Il faut déterminer les corrections à faire (calculer les taux de conversion de prédictions) afin de respecter le critère equalized odds tout en maximisant la performance (accuracy) du modèle corrigé. Dans [HPS16] on démontre qu’un modèle corrigé respectant le critère equalized odds doit avoir sa réponse dans la région admissible, qui est l’intersection entre les triangles définis dans le diagramme ROC par les points du modèle initial pour chaque groupe et les coins [0,0] et [1,1], voir la Fig. 117.

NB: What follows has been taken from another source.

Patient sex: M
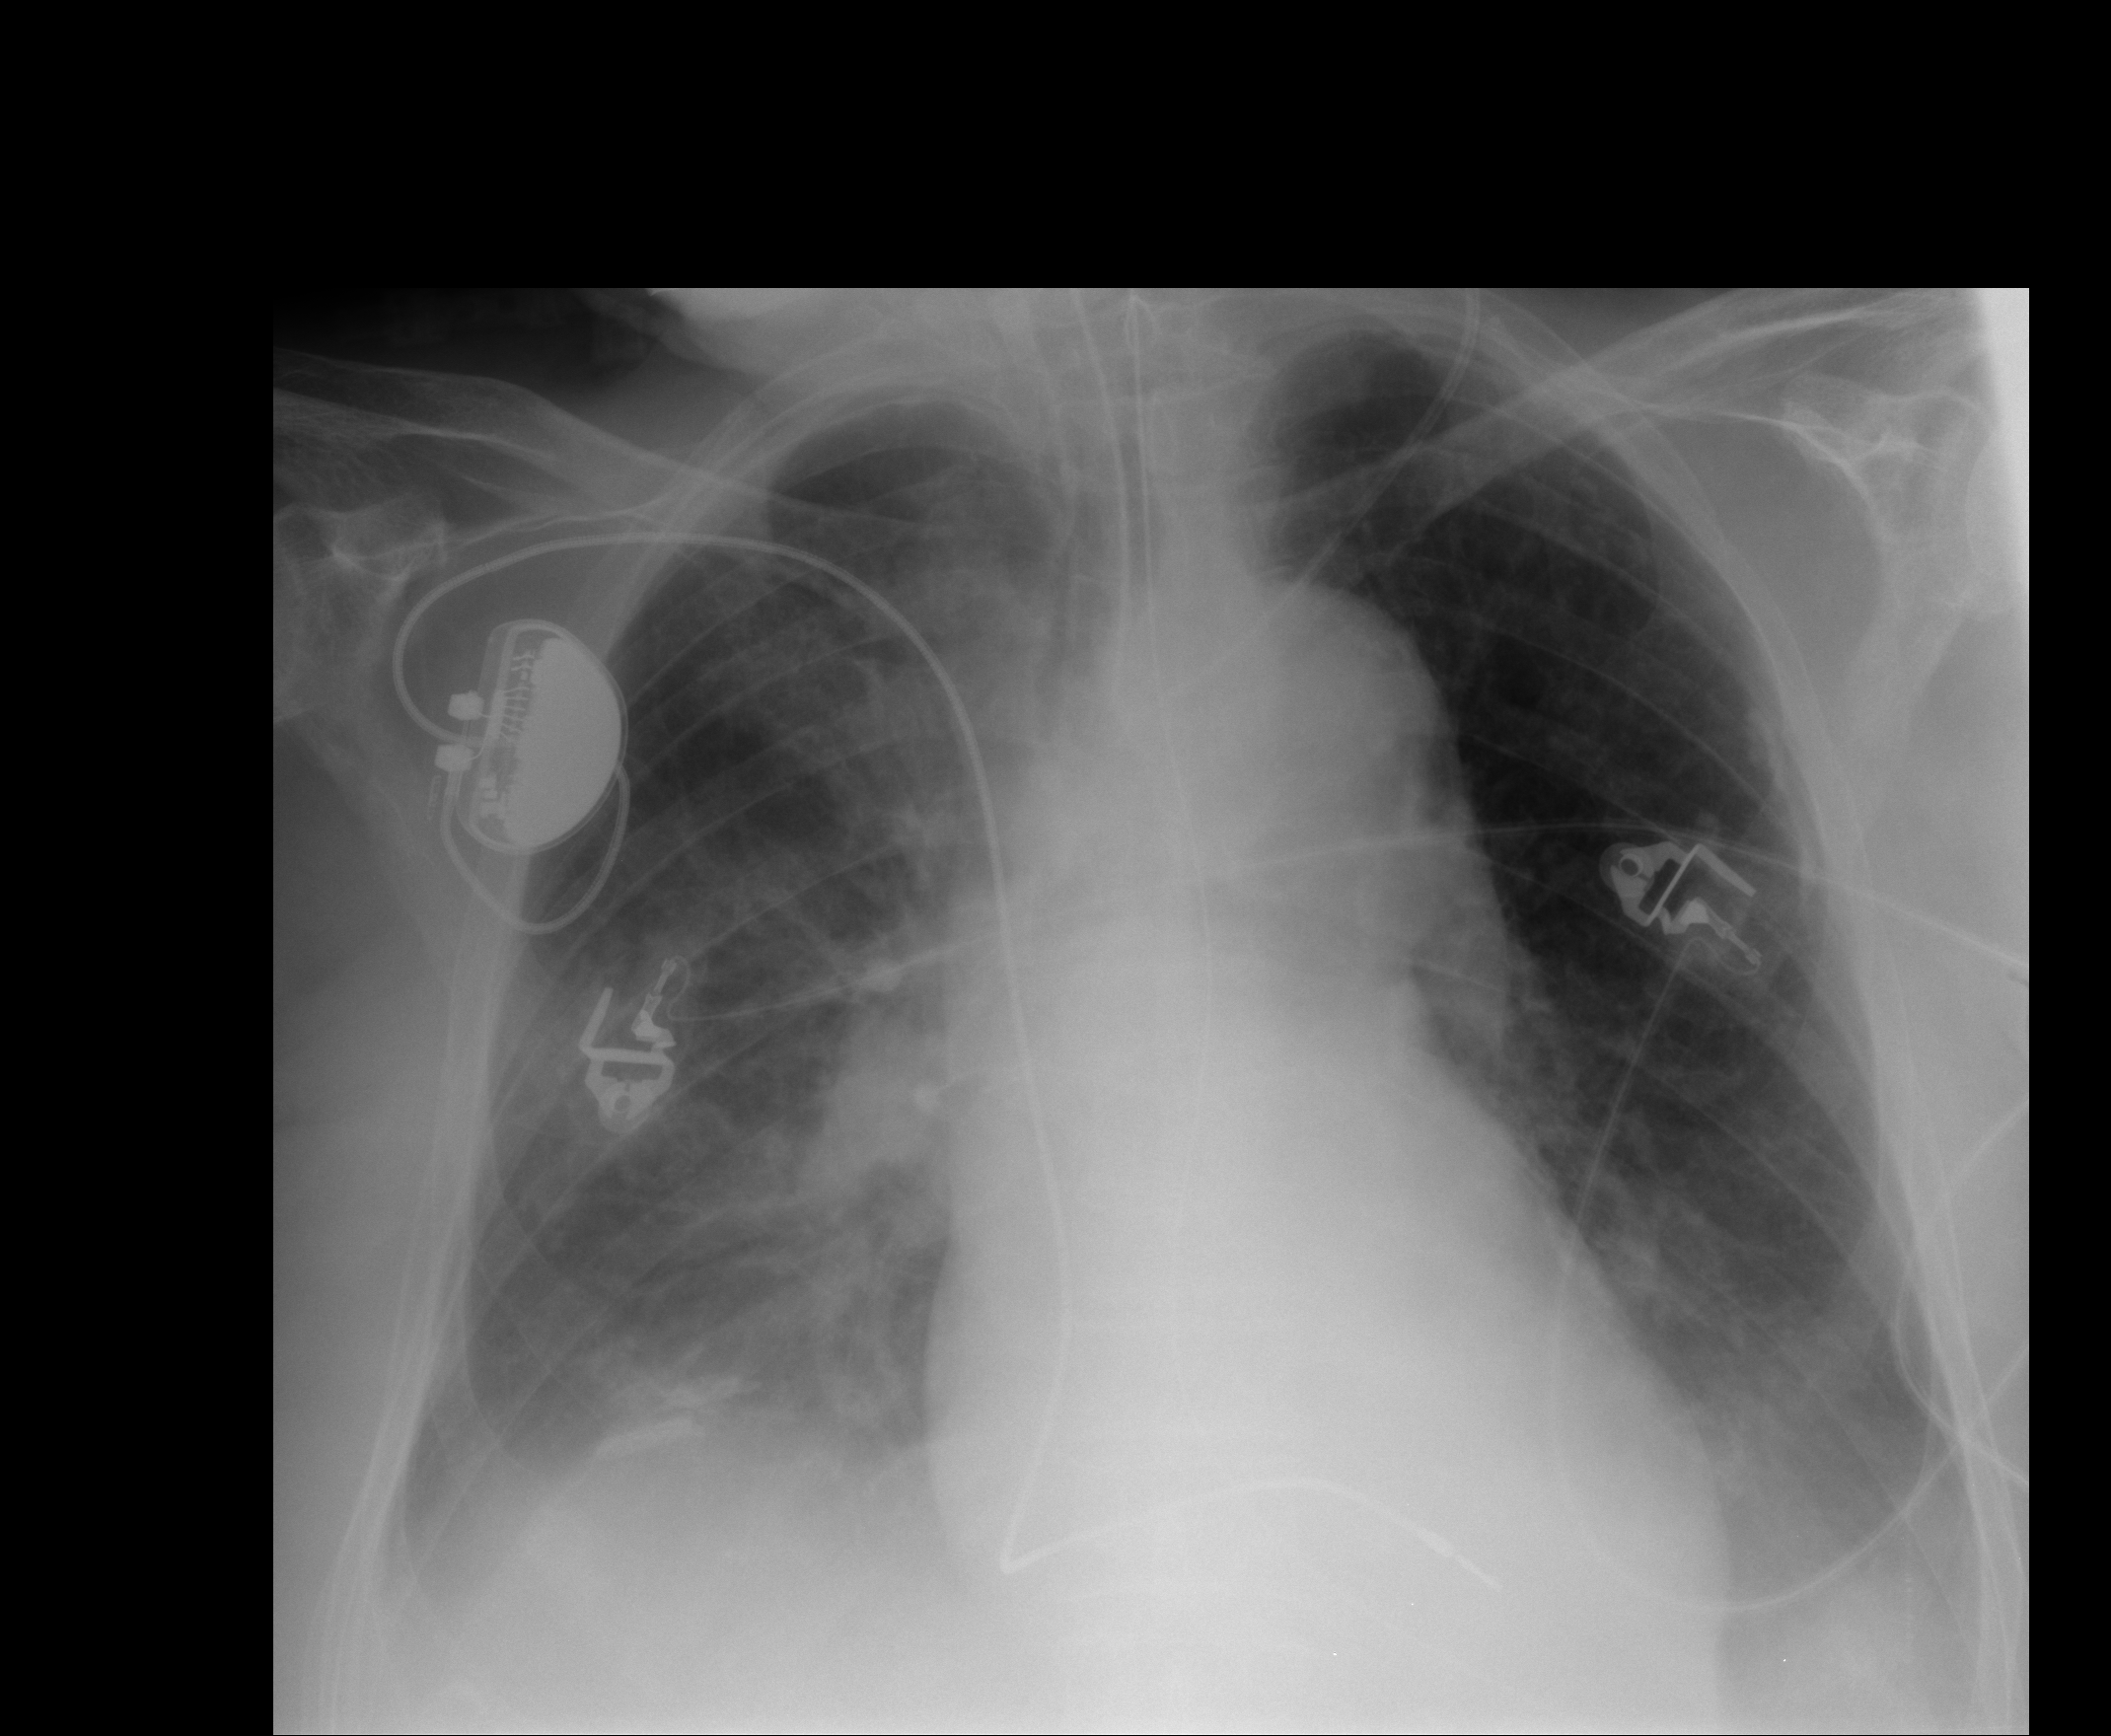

Fig. 117 Région admissible (intersection des deux triangles) pour la correction equalized odds. Pour une performance maximale, le point cible est celui du domaine admissible le plus éloigné de la diagonale. Illustration issue de notre séance de travaux pratiques.¶
Dans ce domaine admissible, le point de performance (accuracy) maximale est le point du domaine admissible qui est le plus éloigné de la diagonale. Il peut être trouvé comme solution d’un problème d’optimisation linéaire. Dans le cas fréquent où le domaine admissible est un simple triangle, comme dans la Fig. 117, ce point est l’intersection des droites reliant chaque point du modèle initial aux coins [0,0] et [1,1] respectivement.
Calcul des taux de conversion. À partir des coordonnées du point cible et des taux (de vrais positifs et de faux positifs) du modèle initial pour chaque groupe, les taux de conversion de prédictions (proportions de prédictions à modifier) se calculent analytiquement, comme détaillé dans la séance de travaux pratiques.
Lors de la prédiction, la décision du modèle initial est conservée ou modifiée en fonction de la valeur de l’attribut protégé et d’un tirage aléatoire, en respectant les taux de changement précalculés. L’accès à l’attribut protégé est donc indispensable, même si le modèle initial a été développé sans lui.
Solon Barocas, Moritz Hardt, and Arvind Narayanan. Fairness and Machine Learning Limitations and Opportunities. 2018.
CERNA Collectif. Research Ethics in Machine Learning. Technical report.
Moritz Hardt, Eric Price, and Nati Srebro. Equality of opportunity in supervised learning. In Advances in Neural Information Processing Systems, volume 29. Curran Associates, Inc., 2016.
Ninareh Mehrabi, Fred Morstatter, Nripsuta Saxena, Kristina Lerman, and Aram Galstyan. A survey on bias and fairness in machine learning, 2019.
Cathy O’Neil. Weapons of Math Destruction: How Big Data Increases Inequality and Threatens Democracy. Crown Publishing Group, USA, 2016.
Poibeau, T. 2025. Understanding Conversational AI: Philosophy, Ethics and Social Impact of Large Language Models. Pp. 149–175. London: Ubiquity Press.